12. THE
CITY OF CONVERSATION
How often can you expect to see a
play the majority of whose dialogue concerns American politics, and find your
eyes brimming over with tears throughout the final scene? For all its power and
importance, I don’t think you’ll have such a reaction at ALL THE WAY, Robert Schenkann’s
hit play about President Johnson. There’s a much stronger chance you’ll be thus
affected, however, by Anthony Giardina’s intense, emotionally moving,
yet often extremely funny THE CITY OF CONVERSATION, being given a superlative performance
at Lincoln Center’s Mitzi E. Newhouse Theater. This is because the political
arguments, for all their intrinsic interest, are the catalyst for a family
drama in which differences in beliefs, and the conviction with which these
beliefs are held, can rip loved ones apart. A similar drama could conceivably
be written about other ways, such as religion, in which we choose to disagree
with one another. Thankfully, Mr. Giardina has found a splendid way to use
politics as his background, and the results make for first-rate dramatic
fireworks.
Jan Maxwell. Photo: Stephanie Berger.
Jan Maxwell rises yet another
step higher in the echelons of New York’s top stage actresses in the role of
Hester Ferris, a glamorous, left-leaning, Pamela Harriman-like Washington
hostess. Her dinner parties are known for their ability to bring politicians of
disparate stripes together in congenial surroundings that allow them to work
out differences in a bipartisan way that the more hostile world of Capitol Hill offices and conference
rooms makes difficult. Into Hester’s exquisitely appointed Georgetown townhouse
(designed by John Lee Beatty, at the top of his game) arrive Hester’s son,
Colin (Michael Simpson) and his beautiful , blonde fiancée, Anna Fitzgerald (Kristin
Bush), both of them just having graduated from the London School of Economics,
and ready to join the Washington establishment. But, it soon turns out, Anna
holds conservative political views and Colin, despite Hester’s liberal stances,
has gone over to the other side.
Kristin Bush, Michael Simpson, Jan Maxwell. Photo: Stephanie Berger.

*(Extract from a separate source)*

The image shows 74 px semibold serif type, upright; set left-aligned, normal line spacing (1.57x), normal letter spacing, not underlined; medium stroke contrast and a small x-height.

The first of the two-hour play’s
three scenes takes place in September 1979, during the waning days of the
Carter presidency, damaged by his speech on American "malaise," when Hester is involved in efforts to support Ted Kennedy’s
bid to challenge Carter for the Democratic nod. She's hosting a dinner for Kentucky Senator George Mallonee (John Aylward), a Republican, hoping to get him to sign a bill put forward by Senator Kennedy. The play then moves
forward eight years to October 1987, during the Reagan years, when the issue at
stake is the nomination of Judge Robert Bork as Associate Justice of the Supreme
Court, a choice viewed as anathema by Hester, but strongly supported by Colin
and Anna, now his wife; both hold jobs in the Republican administration (he as a New Hampshire senator's staffer, she in the Justice Department) and
angrily object to Hester’s doing all she can to torpedo the appointment. So vehement
is their conflict that--in a precarious turn toward melodrama--the couple use their six-year-old son, Ethan
(Luke Niehaus), the apple of his grandma’s eye (and the target of her political lessons), as a pawn to get their way.

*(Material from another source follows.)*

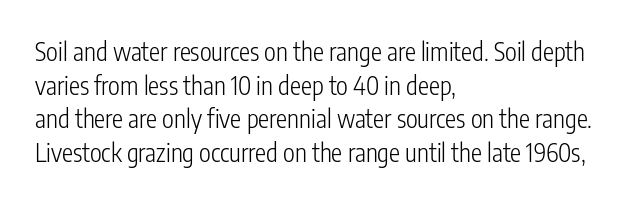
The image shows 25 px text type, upright; set left-aligned, normal line spacing (1.35x), normal letter spacing, not underlined.
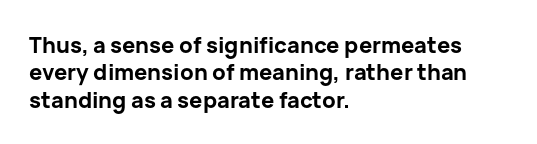
Only glyphs here, with clear space below each row. The type sits square on the baseline with zero lean. Short note: letters normally spaced. Summary of vertical rhythm: regular, with standard interline spacing. Thick stems and heavy bowls — unmistakably bold. Short and long lines alike share a common starting point at left.

In the final scene, set in January 2009, it’s the evening of President Obama’s inauguration, and Ethan (played by Mr. Simpson), now an award-winning, 27-year-old Bronx schoolteacher, has come to Washington to attend one of the inauguration parties. He and his partner, Donald Logan (Phillip James Brannon), a black doctoral candidate writing his dissertation about the decline of modern liberalism, stop by to visit Hester, whom Ethan hasn’t seen in over two decades. Hester, despite her advanced age, remains as feisty as ever, and, given her constant battles on behalf of the rights of gays, blacks, and women, the occasion of Obama’s election offers considerable opportunity for reflection and reconciliation.

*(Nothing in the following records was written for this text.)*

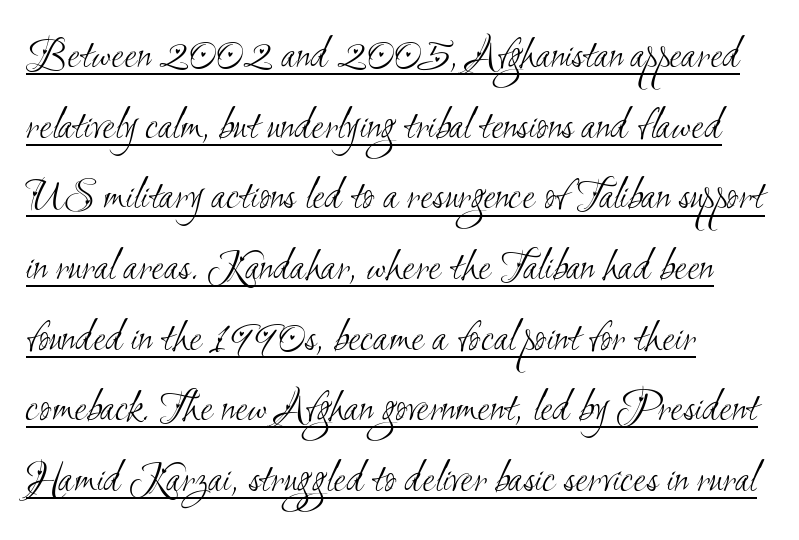
Q: Is the text bold? A: No.
Q: Is the typeface a serif or a sans-serif typeface? A: Sans-serif.
Q: Is the text underlined? A: Yes.
Q: How is the paragraph aligned? A: Left-aligned.
Q: Is the spacing between letters normal or unusually wide? A: Normal.
Q: Is the spacing between lines tight, normal or loose? A: Normal.
Q: Width (condensed, normal, or wide)? A: Condensed.
Q: Stroke contrast? A: Medium.
Q: x-height? A: Small.
Q: Monospaced? A: No.

Luke Niehaus, Beth Dixon, Jan Maxwell. Photo: Stephanie Berger.
In the final scene, set in January 2009, it’s the evening of President Obama’s inauguration, and Ethan (played by Mr. Simpson), now an award-winning, 27-year-old Bronx schoolteacher, has come to Washington to attend one of the inauguration parties. He and his partner, Donald Logan (Phillip James Brannon), a black doctoral candidate writing his dissertation about the decline of modern liberalism, stop by to visit Hester, whom Ethan hasn’t seen in over two decades. Hester, despite her advanced age, remains as feisty as ever, and, given her constant battles on behalf of the rights of gays, blacks, and women, the occasion of Obama’s election offers considerable opportunity for reflection and reconciliation.
The play, whose time spanning
structure recalls Richard Greenberg’s THE ASSEMBLED PARTIES of the 2012-2013
season, sizzles with pointed political repartee as liberals and conservatives
spar with one another. Mr. Giardina captures the increasing divisiveness in
American political discourse over the past 40 or so years; once we get into the
Reagan years, the air virtually reeks of acrimony and disgust, making for some
superheated arguments. Ms. Maxwell’s opinions about Judge Bork spew forth with
raw fury and frustration, but while Mr. Giardina tries to give the conservatives
some humanity, they are dangerously close to being mere straw men set up for
liberal self-congratulation. As a liberal, I was delighted by the one-two
punches landing on the opposition’s chin but always with the awareness that the
set-up was rather artificial, and that any audience member who stood on the red
state side of the aisle was probably squirming and ready to put on the gloves.
This inclination to arrange matters
to favor Hester’s positions becomes most apparent in the final scene. Much as Hester
and Ethan’s reunion and rapprochement is deeply touching, it’s hard not to notice the playwright’s manipulations in having
Ethan turn out to be gay (hinted at earlier when the six-year-old Ethan’s
choice of videos is CINDERELLA), with his partner a black historian of modern
liberalism, and in having Hester forcibly support the couple’s plans to marry.
There’s a mechanical predictability here that simply seems too convenient.
But this is a play, after all,
and its ultimate test is how deeply it affects you while you’re watching it.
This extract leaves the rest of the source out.